*** Opening Provided information ***

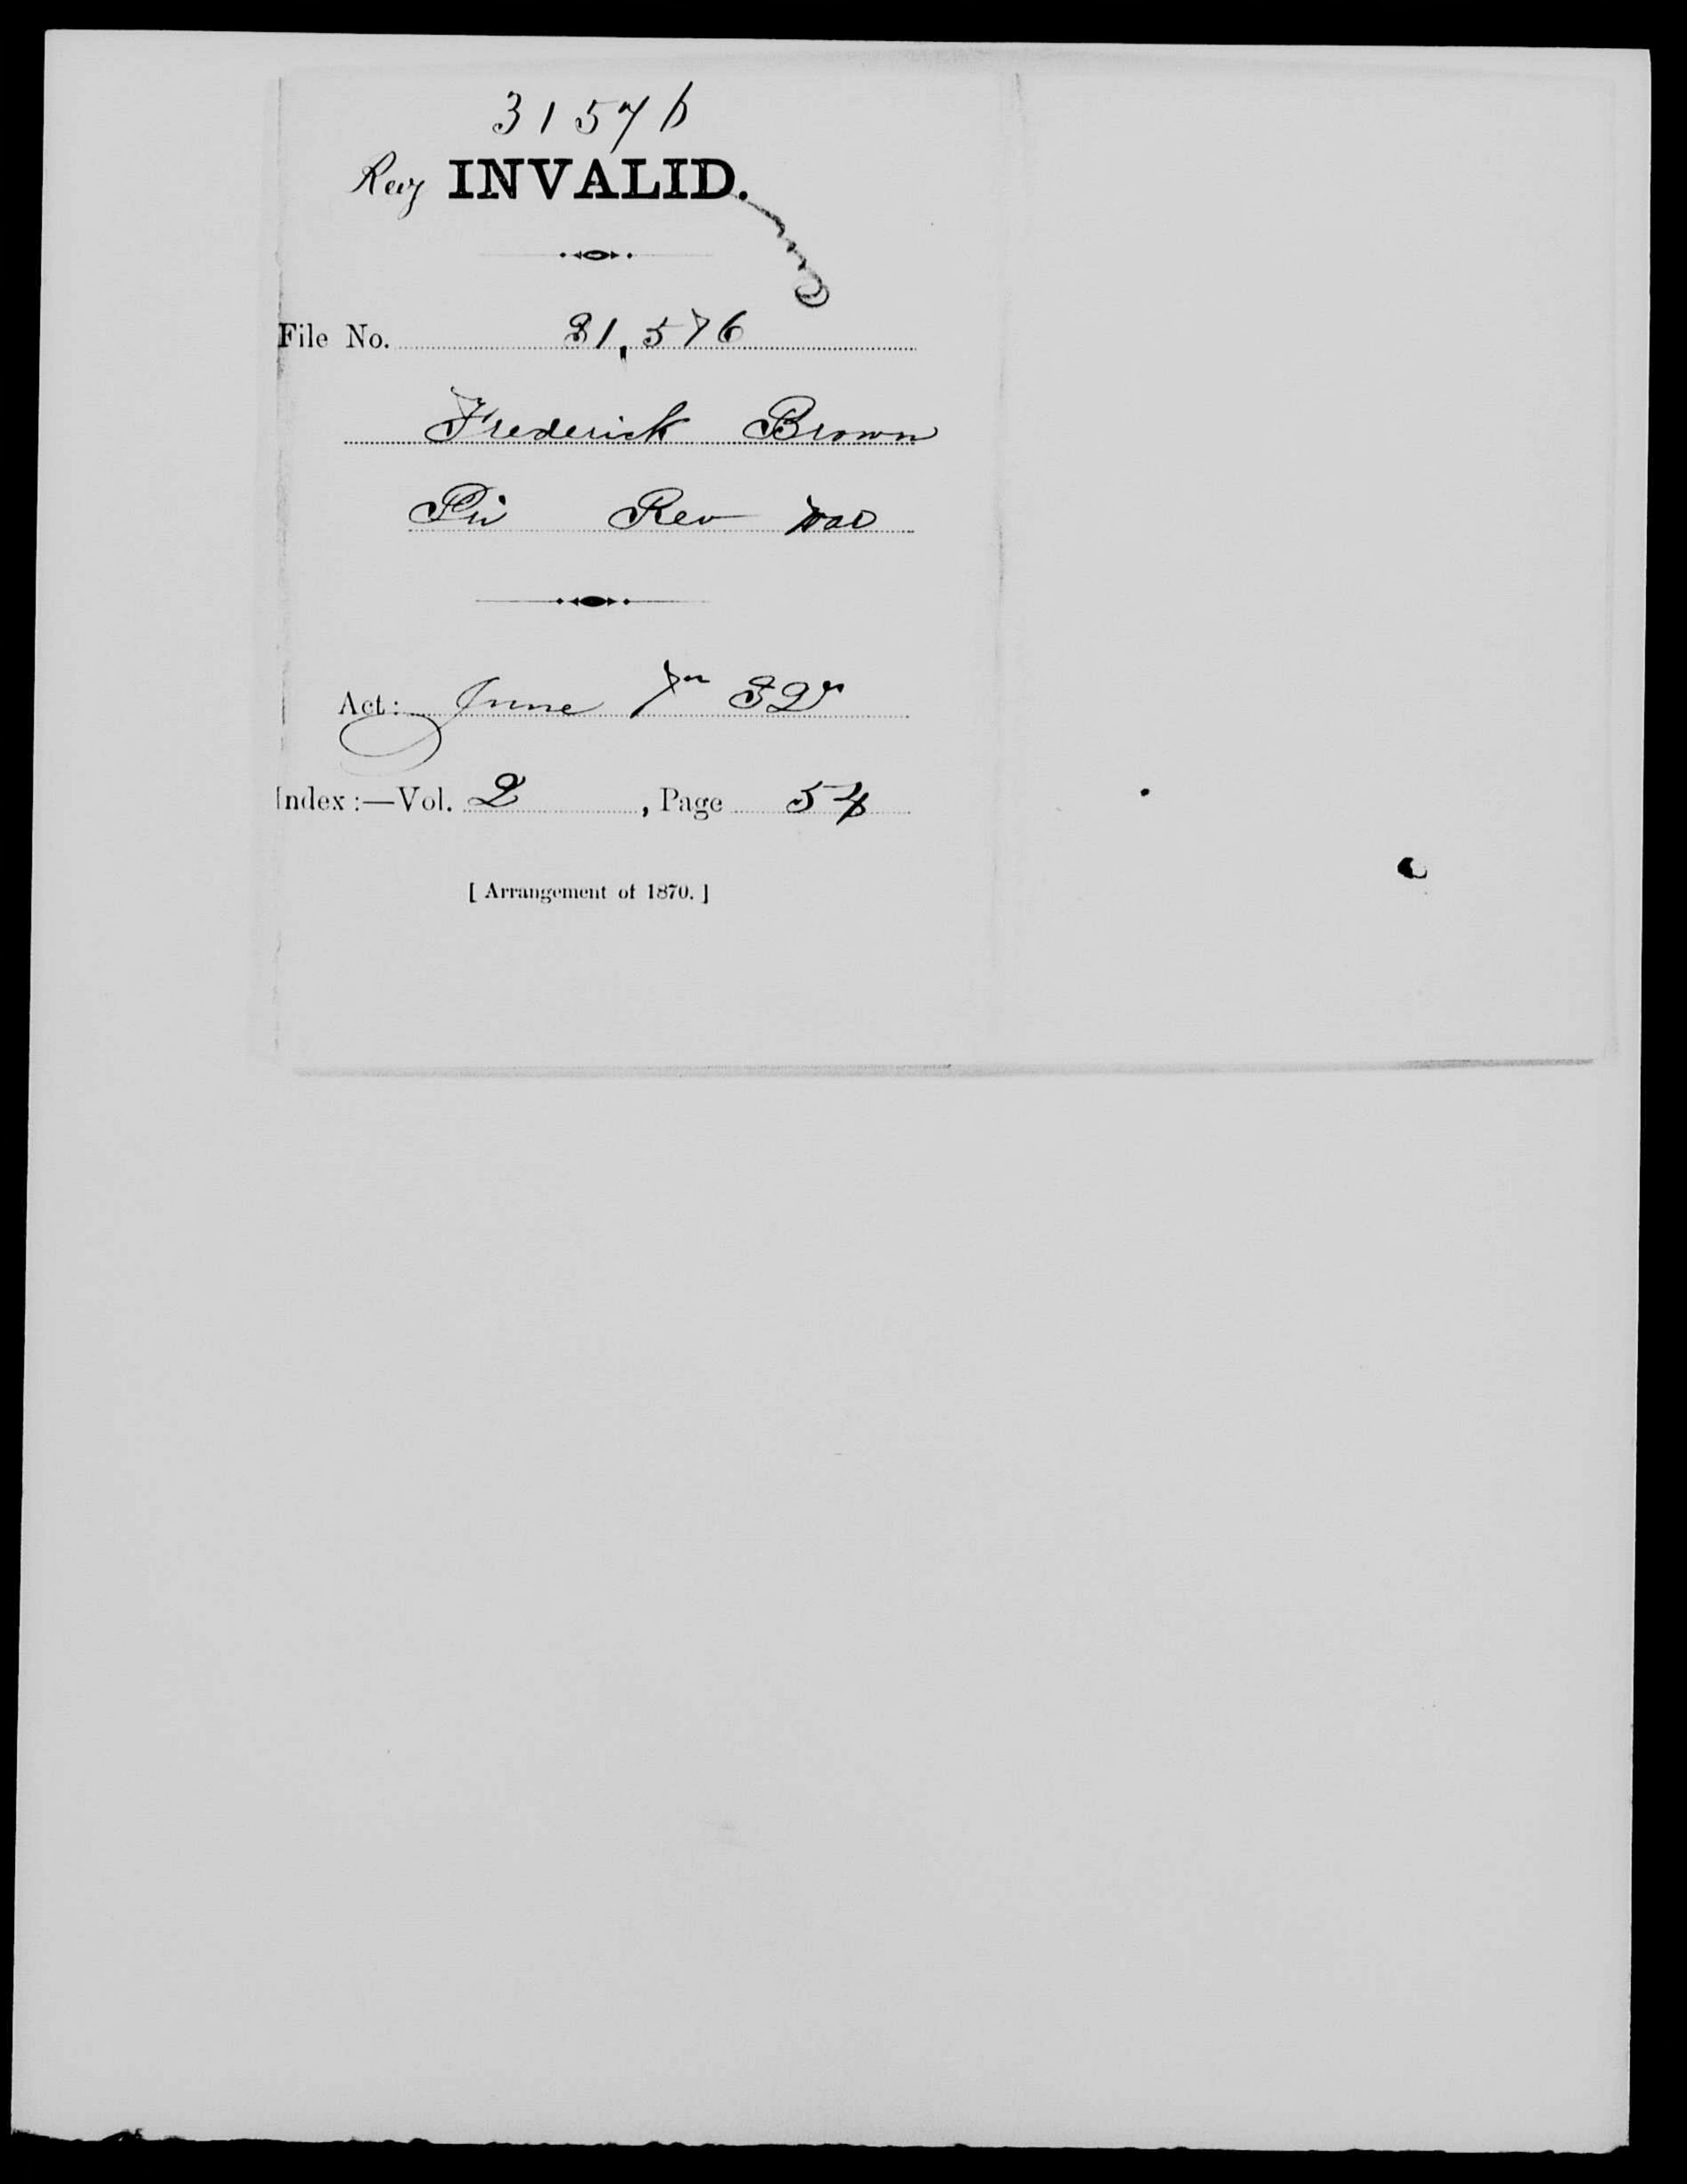31576
Reg INVALID. File No. 31,576 Frederick Brown Pri Rev [unreadable] Act: June 7th 32 Index:--Vol. 2, Page 54 [Arrangement of 1870.]

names: Frederick Brown
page: 3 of 11
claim: survivor's
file: S. 31,576, Frederick Brown, Ga.
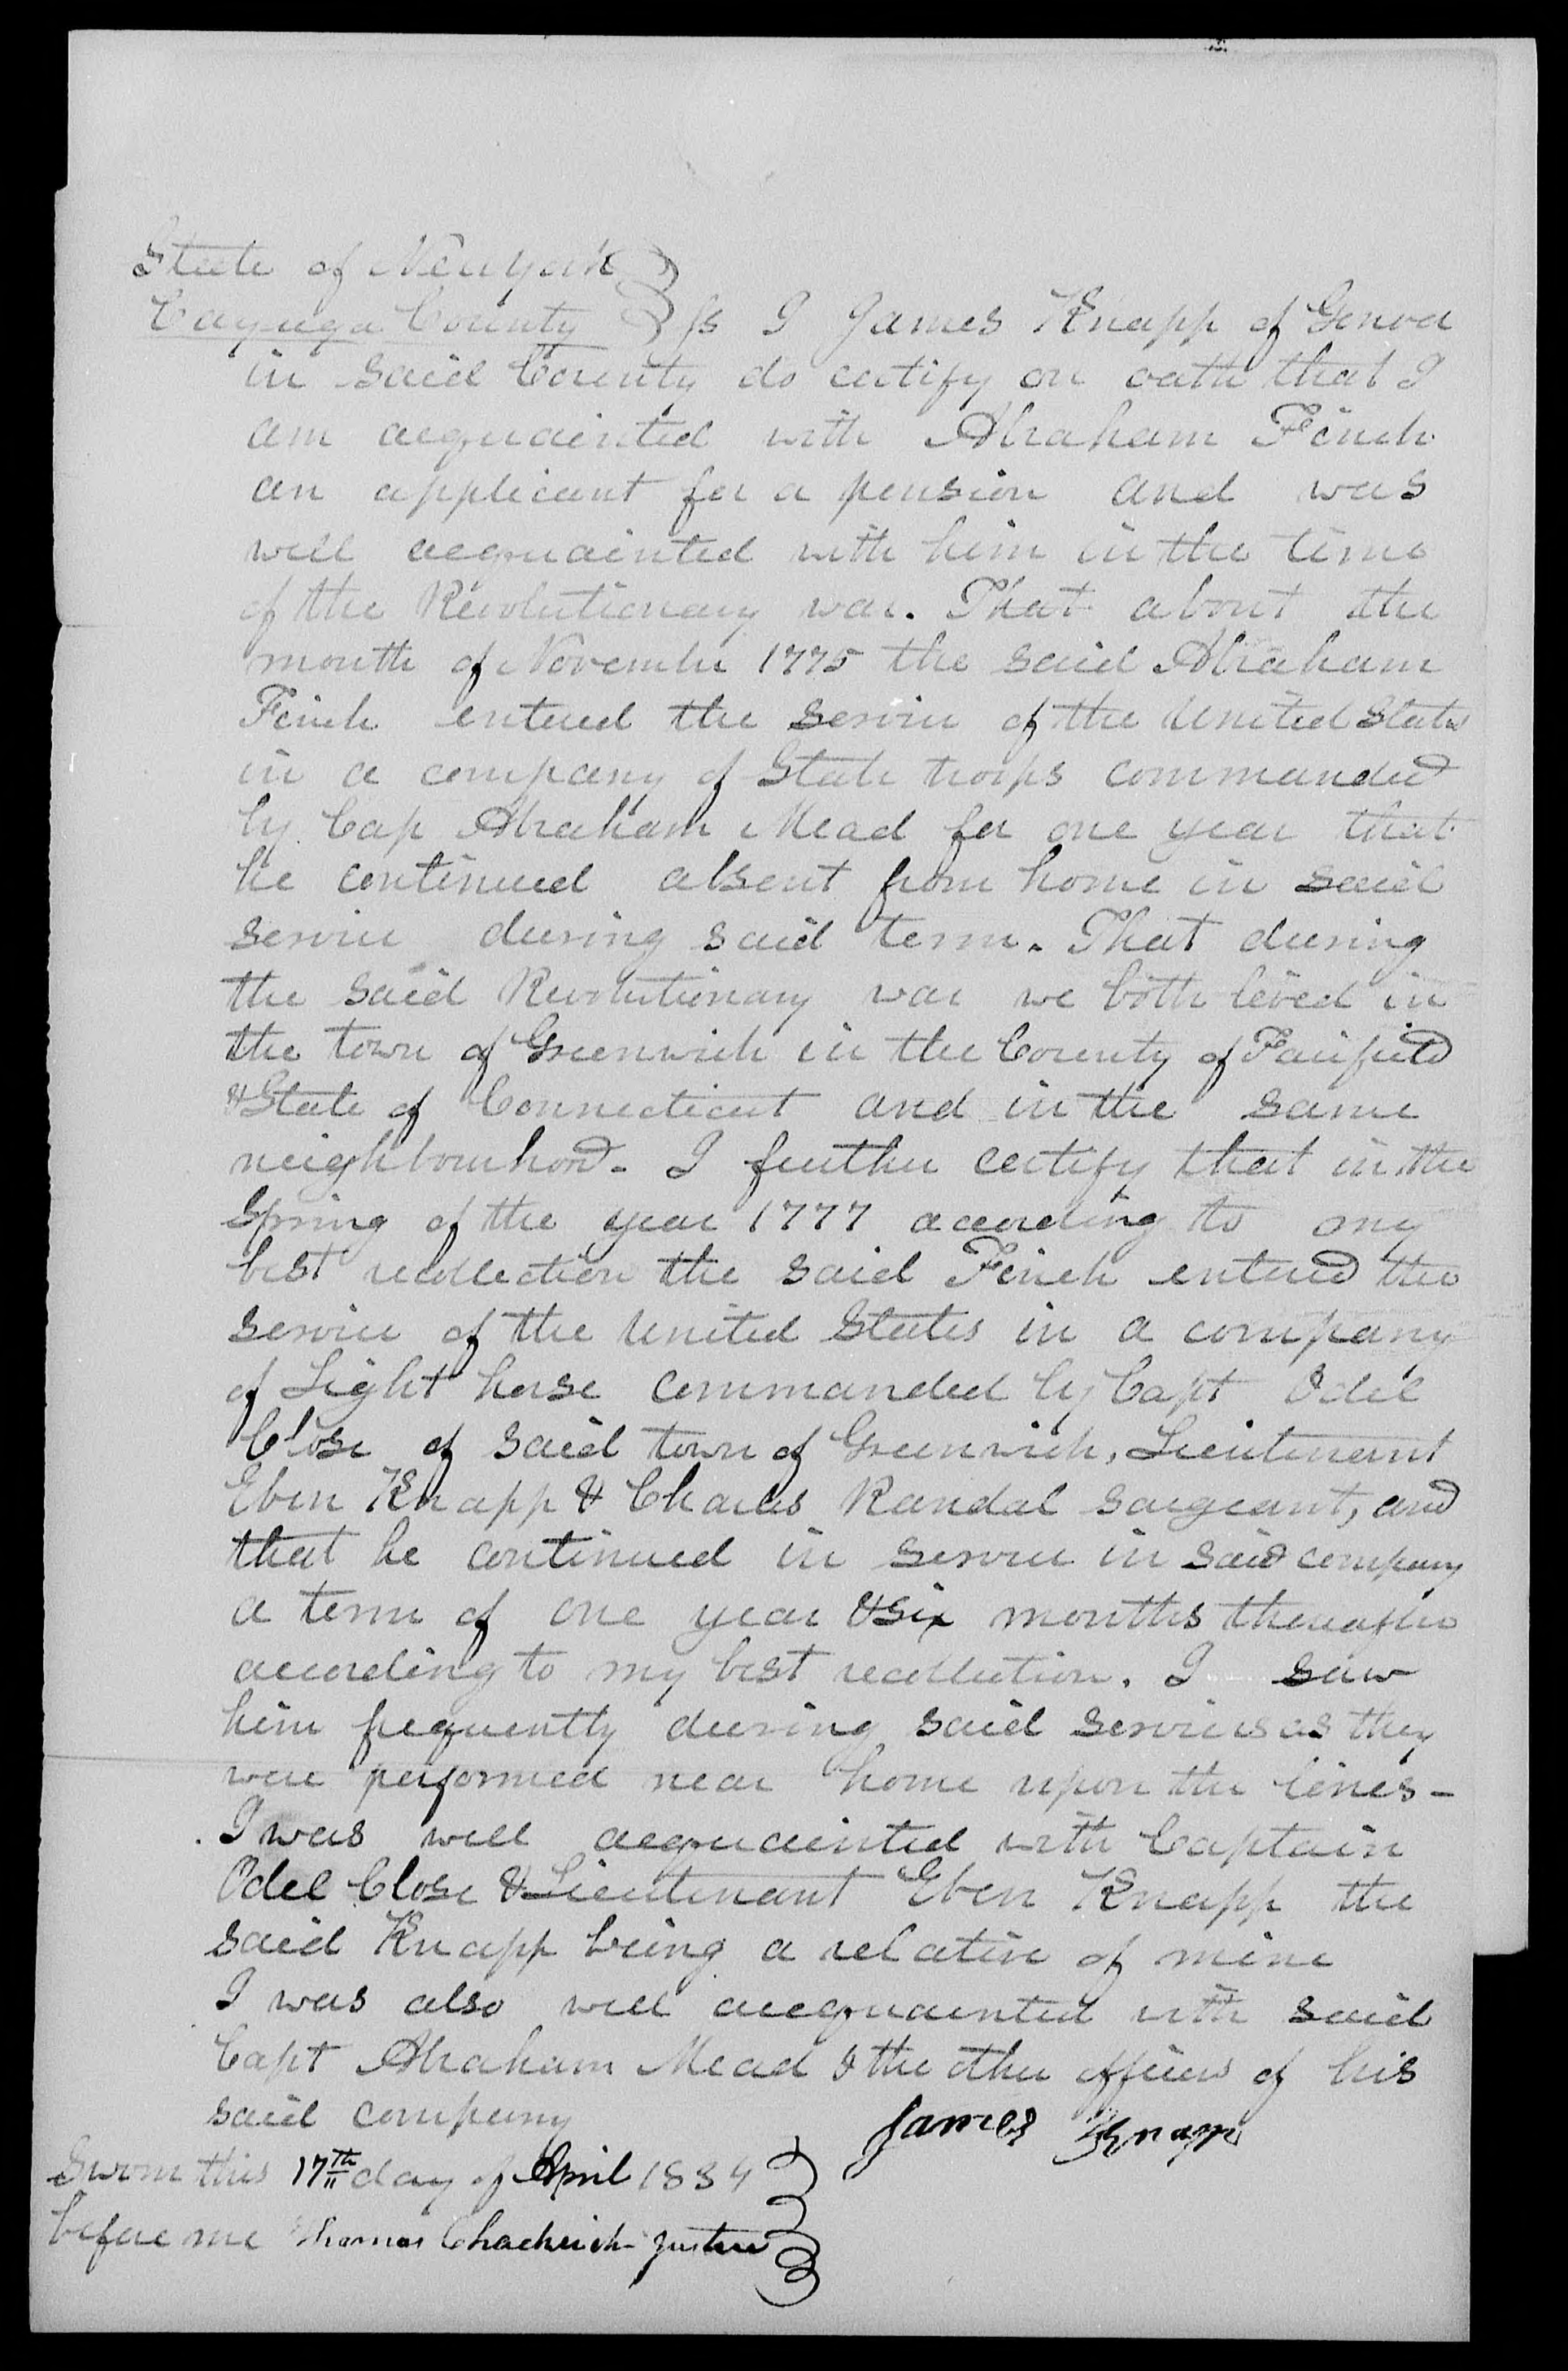State of New York
Cayuga County   I James Knapp of Genoa in said county do certify on oath that I am acquainted with Abraham Finch an applicant for a pension and was well acquainted with him in the time of the Revolutionary war. That about the month of November 1775 the said Abraham Finch entered the service of the United States in a company of State troops commanded by Cap Abraham Mead for one year that he continued absent from home in said service during said term. That during the said Revolutionary war we both lived in the town of Greenwich in the County of Fairfield   in the State of Connecticut and in the same neighborhood. I further certify that in the spring of the year 1777 according to my best recollection the said Finch entered the service of the Unity States in a company of Ligh horse commanded by Capt. Odel Close of said town of Greenwich, Lieutenant Eben Knapp and Charles Randal Sargeant, and that he continued in service in said company a term of one year and six months thereafter according to my best recollection. I saw him frequently during said service as they were performed near home upon the lines. I was well acquainted with Captain Odel Close and Lieutenant Eben Knapp the said Knapp being a relative of mine. I was also well acquainted with said Capt. Abraham Mead and the other officers of his said company.    James Knapp
Sworn this 17th day of April 1834
before me Thomas Chadwick Justice

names: Abraham Mead, Finch, Odel Close, Abraham Mead, Abraham Finch, Knapp, James Knapp, Odel Close, Charles Randal, Thomas Chadwick, Abraham Finch, Eben Knapp, Eben Knapp, James Knapp
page: 25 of 35
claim: survivor's
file: S. 28727, Abraham Finch, Conn.

*** Closing Provided information ***

The answer must be the line containing "Sworn this 17th day of April 1834" and every line after it through the end of the records, repeated exactly.

Sworn this 17th day of April 1834
before me Thomas Chadwick Justice

names: Abraham Mead, Finch, Odel Close, Abraham Mead, Abraham Finch, Knapp, James Knapp, Odel Close, Charles Randal, Thomas Chadwick, Abraham Finch, Eben Knapp, Eben Knapp, James Knapp
page: 25 of 35
claim: survivor's
file: S. 28727, Abraham Finch, Conn.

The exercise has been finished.